Wolfgang Brase

Personal information
- Date of birth: 7 February 1939
- Place of birth: Braunschweig, Germany
- Date of death: 14 July 2026 (aged 87)
- Place of death: Braunschweig, Germany
- Position: Defender

Youth career
- 1946–1958: Eintracht Braunschweig

Senior career*
- Years: Team / Apps / (Gls)
- 1958–1968: Eintracht Braunschweig / 177 / (3)
- Total:  / 177 / (3)

Managerial career
- TSV Schapen
- SV Gifhorn
- TSV Helmstedt

= Wolfgang Brase =

German footballer (1939–2026)

Wolfgang Brase (7 February 1939 – 14 July 2026) was a German footballer who played as a defender. He spent his entire career with Eintracht Braunschweig.

== Club career ==
Brase joined the youth academy of Eintracht Braunschweig in 1946 at seven years old and spent his entire footballing career with his hometown club. He was promoted to the club's Oberliga Nord senior squad in 1958. Initially starting his career as a forward, he later transitioned into a right-sided defender and center-back, becoming feared by opponents for his exceptional pace.

He earned the local nickname "Schnippel" due to his signature technical ability to curl precise crosses into the penalty area using both the inside and outside of his right foot—a style of play that predated the famous "banana crosses" later popularized in German football.
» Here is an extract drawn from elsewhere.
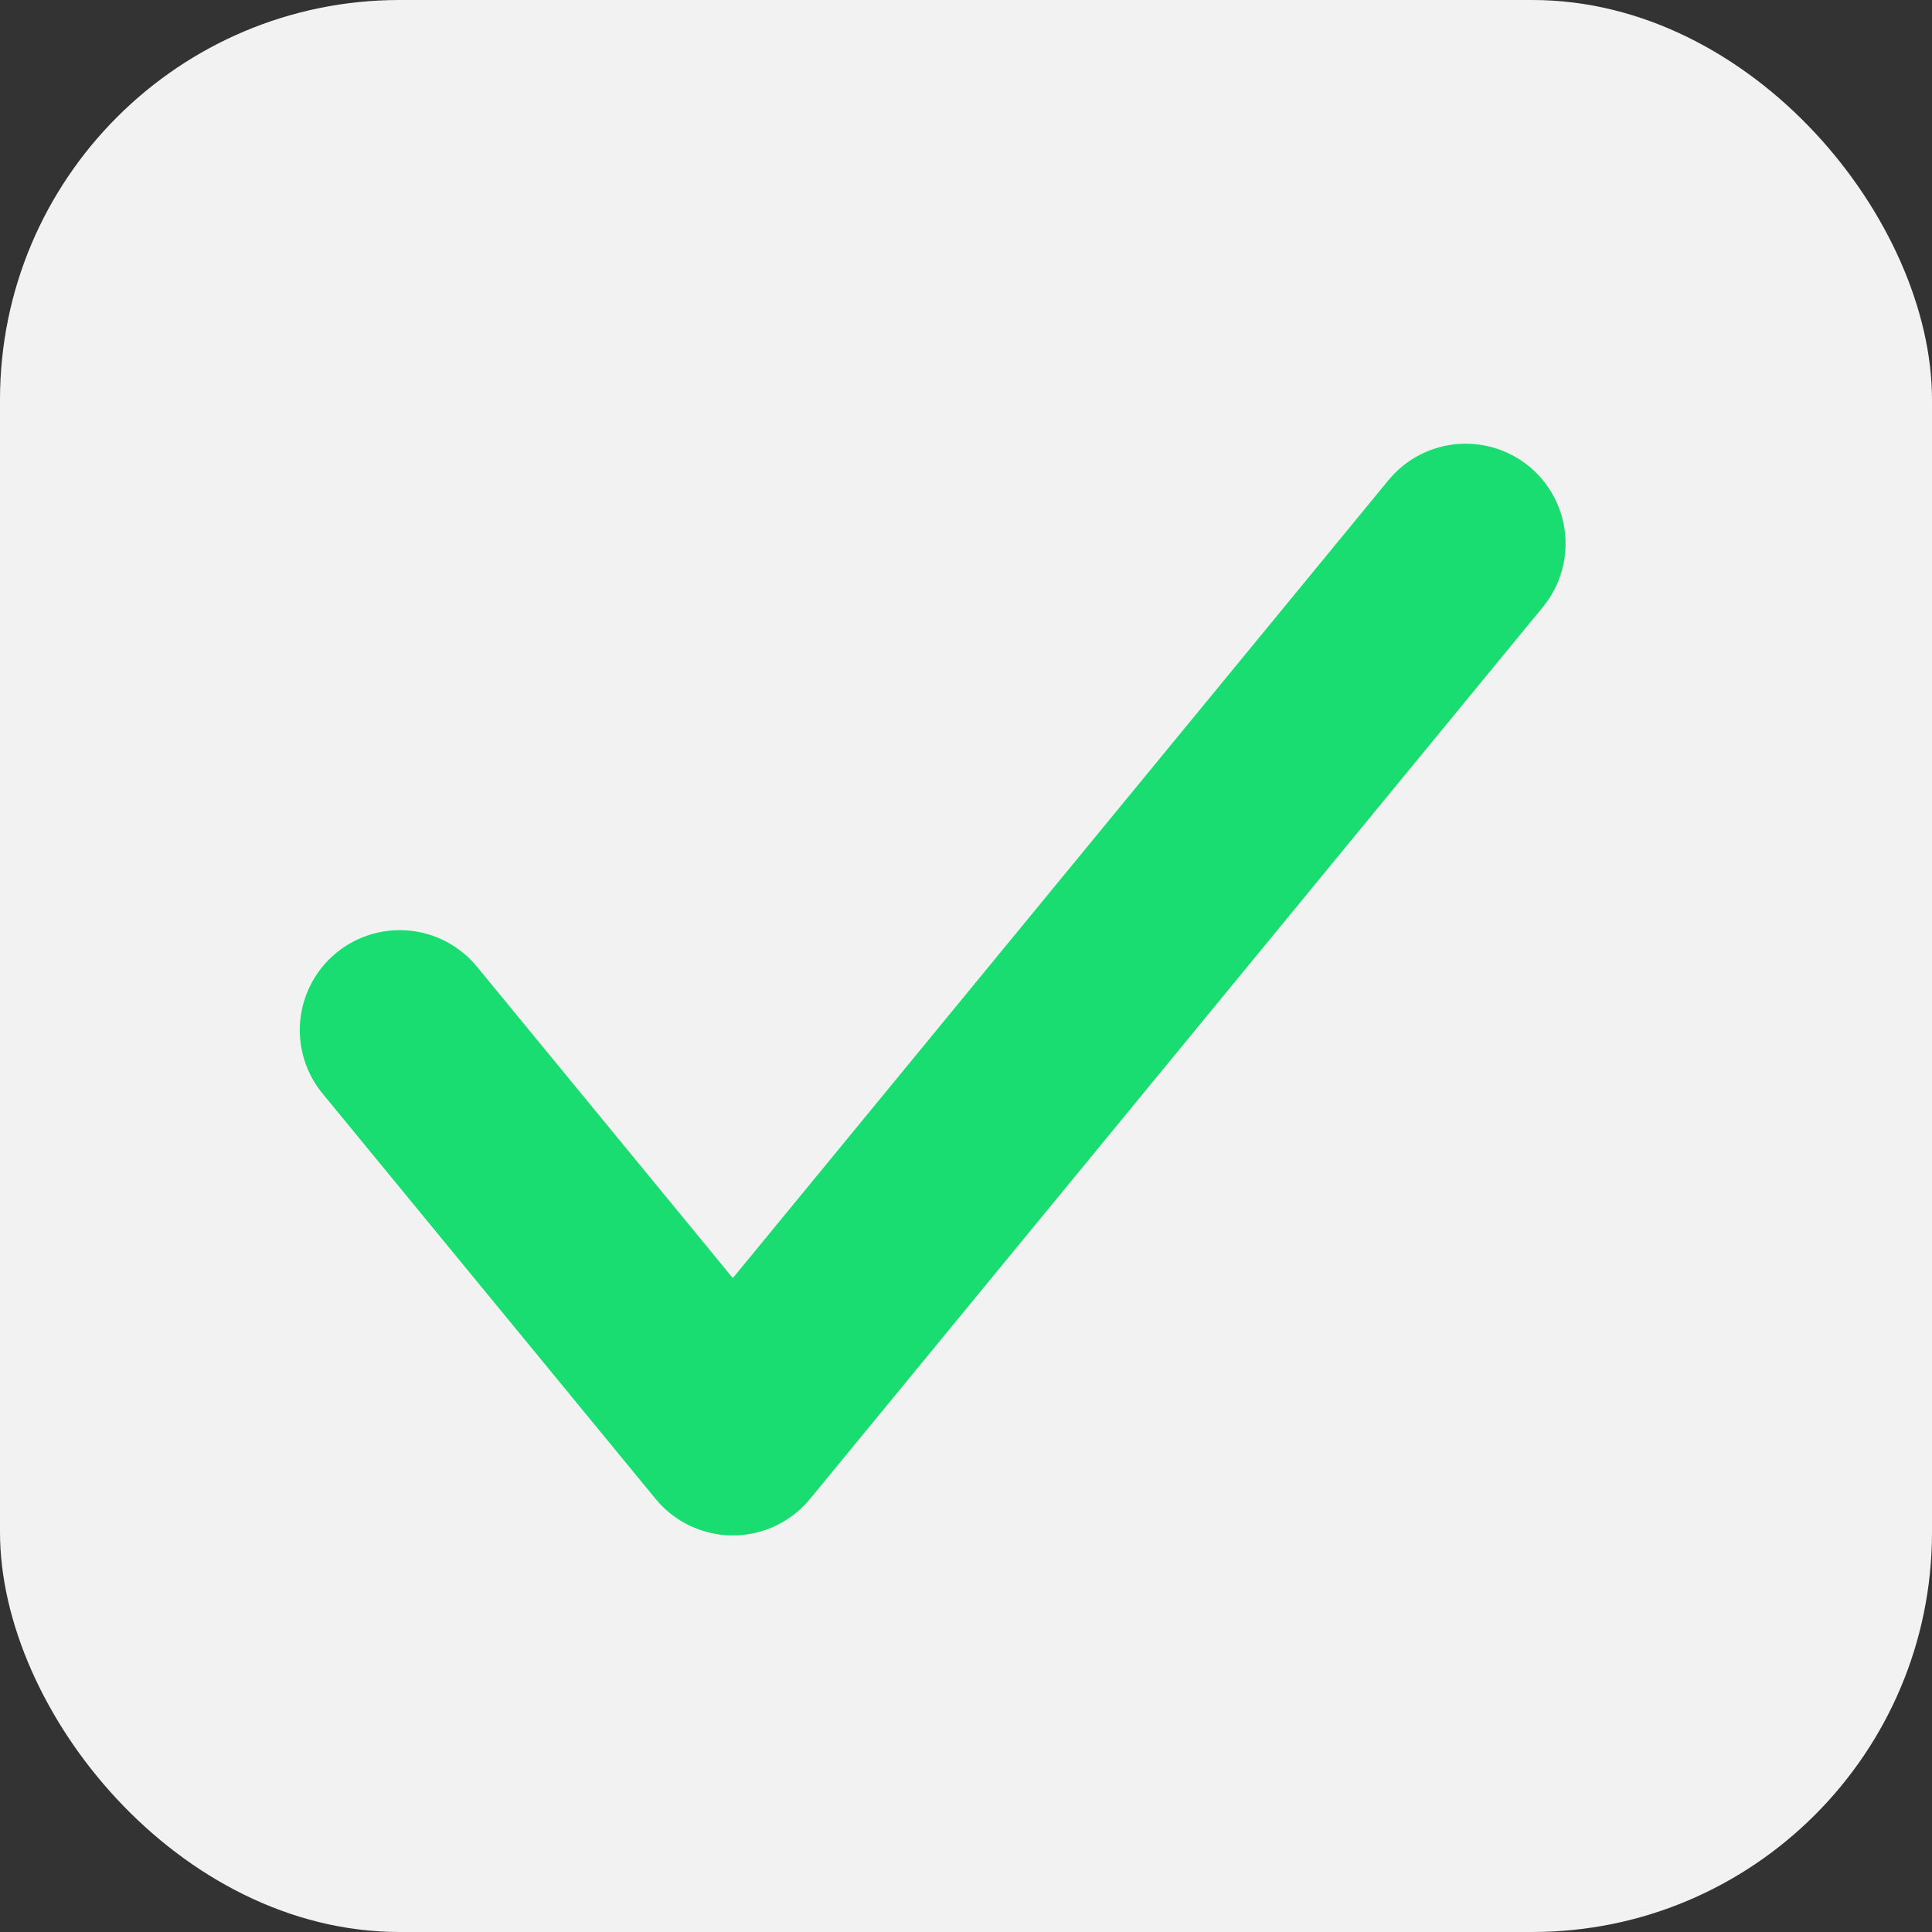 <?xml version="1.0" encoding="UTF-8"?> <svg xmlns="http://www.w3.org/2000/svg" width="29" height="29" viewBox="0 0 29 29" fill="none"><rect x="0" y="0" width="29" height="29" fill="#333333" stroke="none"/> <rect width="29" height="29" rx="6" fill="#F2F2F2"></rect> <path d="M22 8.16L11 21.547L6 15.462" stroke="#19DD70" stroke-width="3" stroke-linecap="round" stroke-linejoin="round"></path> </svg>

In total, Brase made nearly 300 competitive appearances for the club, including 97 matches in the top-flight Bundesliga after its foundation in 1963.

During Braunschweig's title-winning 1966–67 Bundesliga season, Brase's playing career was abruptly brought to a halt prior to the fourth matchday, due to a sudden and mysterious viral illness.

Brase officially retired from professional football in July 1968 at the age of 29.

== Personal life and death ==
Brase was a trained toolmaker and studied mechanical engineering while playing, before working in quality assurance at Volkswagen.

Brase died in Braunschweig on 14 July 2026, at the age of 87, following a long and severe illness. Eintracht Braunschweig released a statement in mourning, and noted that he had lived near the Eintracht-Stadion throughout his life.